[Dataset excerpts]
== Segment start ==

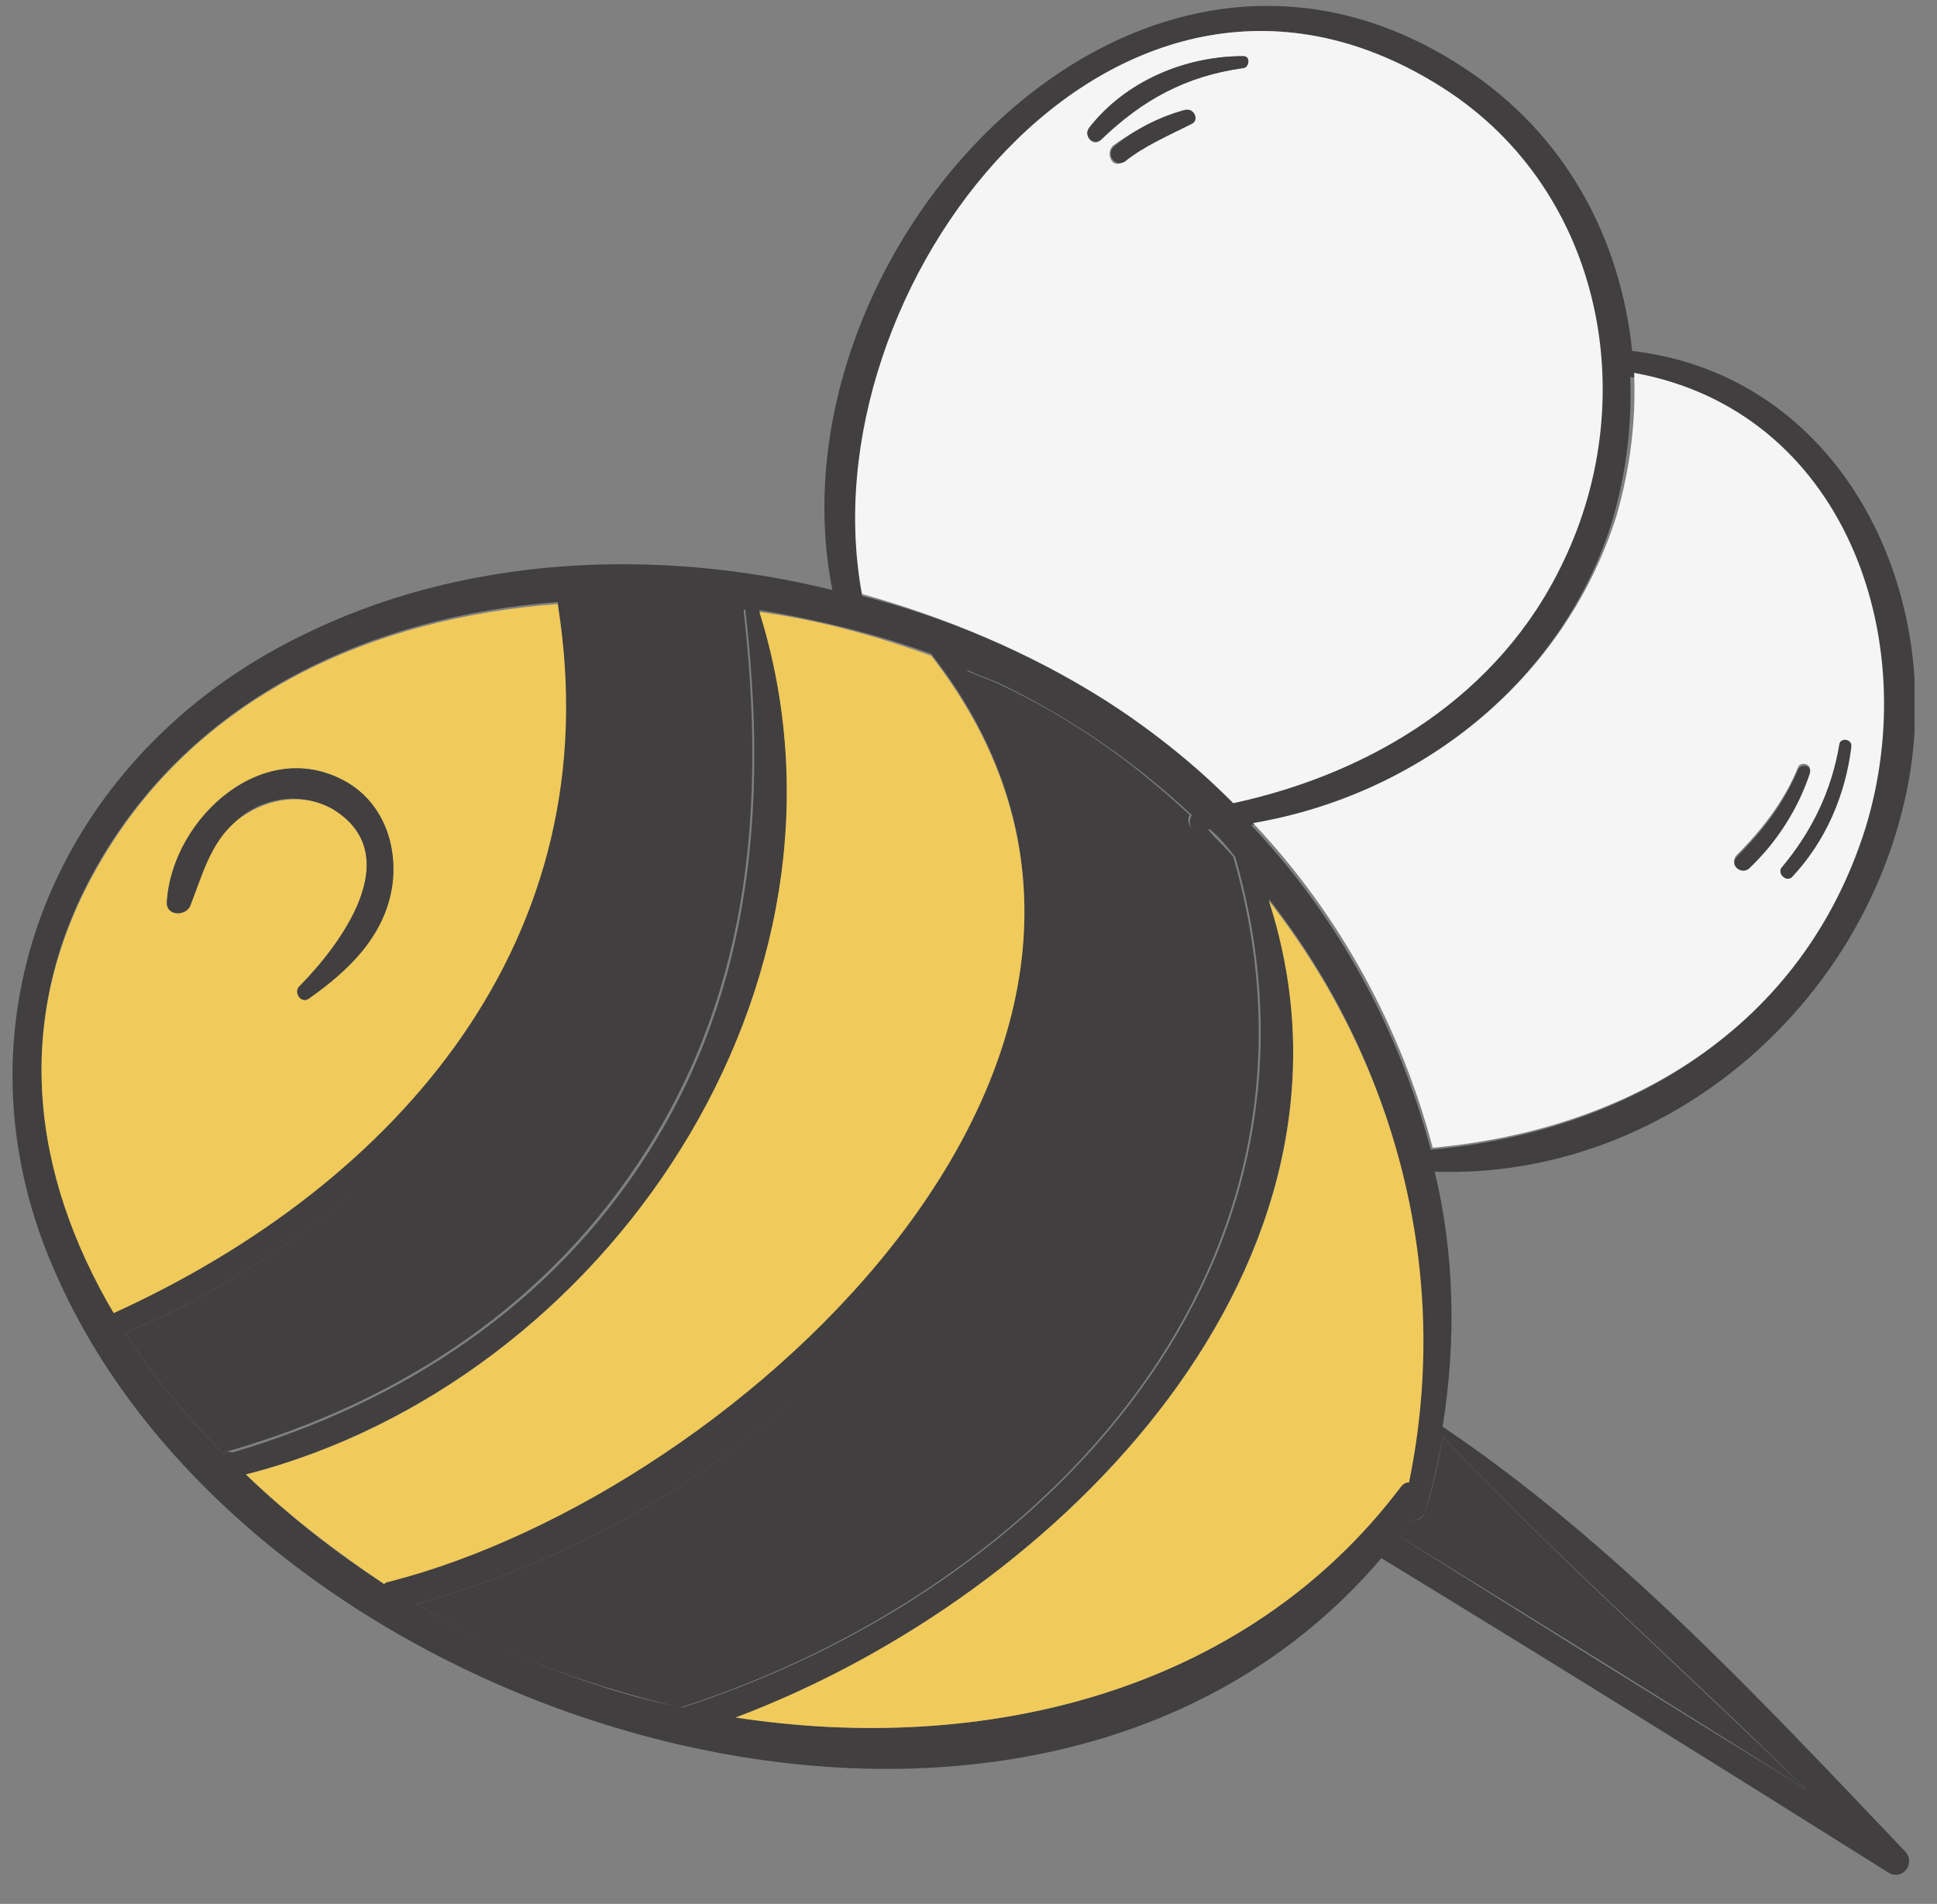 <svg width="58" height="57" viewBox="0 0 58 57" fill="none" xmlns="http://www.w3.org/2000/svg">
<rect x="0" y="0" width="58" height="57" fill="#808080" stroke="none"/>
<g clip-path="url(#clip0_59_16065)">
<path d="M9.02 19.035C1.688 22.614 -1.742 30.725 1.747 38.299C7.837 51.836 30.956 58.874 41.363 46.648C46.448 49.749 51.533 52.91 56.559 56.071C56.973 56.309 57.387 55.773 57.032 55.415C52.775 50.942 48.34 46.171 43.196 42.712C43.61 40.147 43.551 37.523 42.959 35.078C49.818 35.317 55.909 30.128 57.15 23.389C58.215 17.485 55.022 11.223 48.872 10.507C48.518 7.108 46.862 4.007 43.846 2.039C33.913 -4.521 22.915 7.585 24.925 17.664C19.604 16.352 13.809 16.65 9.02 19.035ZM3.402 39.253C0.978 35.197 0.269 30.426 2.989 25.775C5.886 20.825 11.148 18.439 16.706 18.022V18.081C18.244 28.041 11.917 35.436 3.402 39.253ZM6.714 43.547C5.59 42.414 4.585 41.221 3.757 39.909C12.035 36.39 20.254 27.802 17.238 18.022C18.953 17.902 20.668 18.022 22.324 18.26V18.32C22.974 23.985 22.56 29.532 19.426 34.482C16.529 39.074 12.035 41.996 6.95 43.487C6.832 43.427 6.773 43.487 6.714 43.547ZM11.503 47.423C10.025 46.469 8.665 45.395 7.364 44.143C18.185 41.34 26.226 29.472 22.738 18.26C24.511 18.558 26.226 18.976 27.882 19.572C36.869 31.082 22.146 44.62 11.621 47.304C11.562 47.364 11.562 47.364 11.503 47.423ZM16.115 49.809C14.932 49.332 13.691 48.735 12.449 48.02C18.953 46.23 24.689 42.235 28.355 36.509C31.488 31.559 32.789 24.82 28.946 20.049C29.301 20.228 29.715 20.348 30.07 20.526C32.139 21.54 34.031 22.852 35.687 24.403C35.568 24.582 35.627 24.94 35.923 24.88C35.982 24.88 36.101 24.88 36.219 24.82C36.514 25.059 36.751 25.357 36.987 25.655C40.476 37.762 31.488 47.542 20.431 51.121C18.894 50.822 17.475 50.345 16.115 49.809ZM41.954 44.501C37.283 50.703 29.419 52.552 22.028 51.419C31.843 47.721 41.481 37.762 37.993 26.908C41.777 31.738 43.432 38 42.191 44.322C42.073 44.322 42.013 44.382 41.954 44.501ZM25.812 17.843C24.157 8.659 33.322 -3.448 43.019 2.516C47.867 5.498 49.227 11.76 46.803 16.829C44.911 20.825 41.067 23.151 36.928 24.045C35.746 22.852 34.445 21.779 32.967 20.884C30.838 19.572 28.414 18.499 25.812 17.843ZM42.841 34.422C41.895 30.844 40.062 27.445 37.461 24.701C42.368 23.807 46.744 20.526 48.281 15.576C48.695 14.145 48.872 12.714 48.813 11.283C55.14 12.356 57.623 19.155 55.79 24.88C53.898 30.784 48.754 33.885 42.841 34.422ZM54.076 53.566C49.996 51.061 45.975 48.556 41.895 45.992C42.013 45.813 42.132 45.694 42.309 45.515C42.427 45.515 42.605 45.455 42.664 45.276C42.9 44.501 43.078 43.726 43.196 43.01C46.626 46.648 50.469 49.988 54.076 53.566Z" fill="#413F3F"/>
<path d="M2.989 25.834C0.269 30.486 0.978 35.198 3.403 39.313C11.917 35.436 18.303 28.101 16.706 18.141V18.081C11.148 18.499 5.886 20.825 2.989 25.834ZM5.709 27.087C5.59 27.445 4.94 27.445 4.999 26.968C5.176 24.463 7.955 21.958 10.439 23.449C11.503 24.105 11.917 25.357 11.74 26.55C11.503 28.041 10.439 29.055 9.256 29.89C9.02 30.069 8.783 29.711 8.961 29.532C10.202 28.28 12.213 25.596 9.966 24.224C9.02 23.688 7.896 23.926 7.069 24.582C6.3 25.238 6.063 26.133 5.709 27.087Z" fill="#F0CA5B"/>
<path d="M4.999 26.967C4.94 27.445 5.59 27.445 5.708 27.087C6.063 26.192 6.3 25.238 7.068 24.582C7.837 23.866 9.02 23.687 9.966 24.224C12.213 25.596 10.202 28.279 8.961 29.532C8.783 29.711 9.02 30.069 9.256 29.89C10.439 29.055 11.503 28.041 11.74 26.55C11.917 25.357 11.503 24.105 10.439 23.449C7.955 21.958 5.176 24.463 4.999 26.967Z" fill="#413F3F"/>
<path d="M3.758 39.909C4.585 41.221 5.591 42.414 6.714 43.547C6.773 43.487 6.832 43.428 6.891 43.428C12.036 41.937 16.47 39.014 19.367 34.422C22.501 29.472 22.915 23.985 22.265 18.26V18.201C20.609 17.962 18.895 17.902 17.18 17.962C20.255 27.743 12.036 36.39 3.758 39.909Z" fill="#413F3F"/>
<path d="M7.364 44.143C8.665 45.395 10.084 46.469 11.503 47.423C11.562 47.363 11.621 47.363 11.621 47.363C22.205 44.68 36.869 31.142 27.882 19.632C26.226 19.035 24.511 18.558 22.738 18.32C26.226 29.472 18.125 41.4 7.364 44.143Z" fill="#F0CA5B"/>
<path d="M12.449 48.02C13.691 48.735 14.873 49.332 16.115 49.809C17.475 50.345 18.894 50.763 20.372 51.121C31.429 47.542 40.417 37.762 36.928 25.655C36.692 25.357 36.396 25.119 36.16 24.82C36.041 24.82 35.982 24.82 35.864 24.88C35.627 24.88 35.509 24.522 35.627 24.403C33.972 22.852 32.139 21.54 30.01 20.526C29.655 20.348 29.242 20.228 28.887 20.049C32.73 24.761 31.488 31.559 28.296 36.509C24.689 42.235 18.953 46.23 12.449 48.02Z" fill="#413F3F"/>
<path d="M22.028 51.419C29.419 52.552 37.283 50.703 41.955 44.501C42.014 44.441 42.073 44.382 42.191 44.382C43.492 38.06 41.777 31.798 37.993 26.967C41.482 37.762 31.844 47.721 22.028 51.419Z" fill="#F0CA5B"/>
<path d="M43.019 2.516C33.322 -3.448 24.098 8.659 25.812 17.783C28.355 18.499 30.779 19.513 32.967 20.884C34.386 21.779 35.746 22.852 36.928 24.045C41.067 23.151 44.911 20.825 46.803 16.829C49.227 11.819 47.926 5.498 43.019 2.516ZM32.967 4.186C32.73 4.424 32.435 4.066 32.612 3.828C33.676 2.456 35.45 1.681 37.224 1.681C37.461 1.681 37.401 1.979 37.224 2.039C35.509 2.277 34.149 2.993 32.967 4.186ZM33.617 4.842C33.322 5.08 33.085 4.603 33.322 4.365C33.972 3.888 34.681 3.53 35.45 3.291C35.687 3.232 35.923 3.649 35.627 3.709C34.977 4.066 34.268 4.365 33.617 4.842Z" fill="#F5F5F5"/>
<path d="M32.612 3.828C32.435 4.067 32.73 4.365 32.967 4.186C34.209 2.993 35.509 2.277 37.224 2.039C37.401 2.039 37.461 1.681 37.224 1.681C35.45 1.681 33.676 2.456 32.612 3.828Z" fill="#413F3F"/>
<path d="M33.381 4.365C33.086 4.603 33.381 5.021 33.677 4.842C34.268 4.365 34.978 4.066 35.687 3.709C35.924 3.589 35.746 3.232 35.51 3.291C34.741 3.47 33.972 3.888 33.381 4.365Z" fill="#413F3F"/>
<path d="M37.52 24.641C40.121 27.385 41.954 30.784 42.9 34.362C48.754 33.826 53.957 30.784 55.849 24.82C57.623 19.095 55.199 12.296 48.931 11.163C48.991 12.595 48.813 14.026 48.399 15.457C46.803 20.467 42.427 23.806 37.52 24.641ZM52.361 25.953C52.124 26.132 51.77 25.834 52.006 25.596C52.775 24.82 53.425 23.985 53.839 22.971C53.898 22.793 54.253 22.852 54.194 23.091C53.78 24.164 53.189 25.238 52.361 25.953ZM53.662 26.252C53.484 26.43 53.189 26.132 53.366 25.953C54.312 24.88 54.904 23.687 55.081 22.316C55.081 22.137 55.436 22.196 55.436 22.375C55.258 23.806 54.667 25.178 53.662 26.252Z" fill="#F5F5F5"/>
<path d="M41.895 45.992C45.975 48.497 49.995 51.002 54.075 53.566C50.468 50.047 46.625 46.648 43.196 43.01C43.077 43.785 42.9 44.561 42.663 45.276C42.604 45.455 42.486 45.515 42.309 45.515C42.131 45.634 42.013 45.813 41.895 45.992Z" fill="#413F3F"/>
<path d="M52.007 25.655C51.77 25.894 52.125 26.192 52.361 26.013C53.189 25.238 53.84 24.224 54.194 23.151C54.254 22.912 53.958 22.852 53.84 23.031C53.426 24.045 52.775 24.88 52.007 25.655Z" fill="#413F3F"/>
<path d="M53.366 25.953C53.189 26.132 53.484 26.431 53.662 26.252C54.667 25.178 55.258 23.807 55.435 22.316C55.435 22.137 55.14 22.077 55.081 22.256C54.844 23.687 54.253 24.88 53.366 25.953Z" fill="#413F3F"/>
</g>
<defs>
<clipPath id="clip0_59_16065">
<rect width="57" height="56" fill="white" transform="matrix(-1 0 0 1 57.328 0.13)"/>
</clipPath>
</defs>
</svg>

== Segment end ==

* WHAT IS NEEDED *
Go to the line with "48.02C13.691 48.735 14.873" in the entries above and repeat every line from there through the line with "2.516C33.322 -3.448 24.098", exactly and with no other text.

* RESULT OF THE TASK *
<path d="M12.449 48.02C13.691 48.735 14.873 49.332 16.115 49.809C17.475 50.345 18.894 50.763 20.372 51.121C31.429 47.542 40.417 37.762 36.928 25.655C36.692 25.357 36.396 25.119 36.16 24.82C36.041 24.82 35.982 24.82 35.864 24.88C35.627 24.88 35.509 24.522 35.627 24.403C33.972 22.852 32.139 21.54 30.01 20.526C29.655 20.348 29.242 20.228 28.887 20.049C32.73 24.761 31.488 31.559 28.296 36.509C24.689 42.235 18.953 46.23 12.449 48.02Z" fill="#413F3F"/>
<path d="M22.028 51.419C29.419 52.552 37.283 50.703 41.955 44.501C42.014 44.441 42.073 44.382 42.191 44.382C43.492 38.06 41.777 31.798 37.993 26.967C41.482 37.762 31.844 47.721 22.028 51.419Z" fill="#F0CA5B"/>
<path d="M43.019 2.516C33.322 -3.448 24.098 8.659 25.812 17.783C28.355 18.499 30.779 19.513 32.967 20.884C34.386 21.779 35.746 22.852 36.928 24.045C41.067 23.151 44.911 20.825 46.803 16.829C49.227 11.819 47.926 5.498 43.019 2.516ZM32.967 4.186C32.73 4.424 32.435 4.066 32.612 3.828C33.676 2.456 35.45 1.681 37.224 1.681C37.461 1.681 37.401 1.979 37.224 2.039C35.509 2.277 34.149 2.993 32.967 4.186ZM33.617 4.842C33.322 5.08 33.085 4.603 33.322 4.365C33.972 3.888 34.681 3.53 35.45 3.291C35.687 3.232 35.923 3.649 35.627 3.709C34.977 4.066 34.268 4.365 33.617 4.842Z" fill="#F5F5F5"/>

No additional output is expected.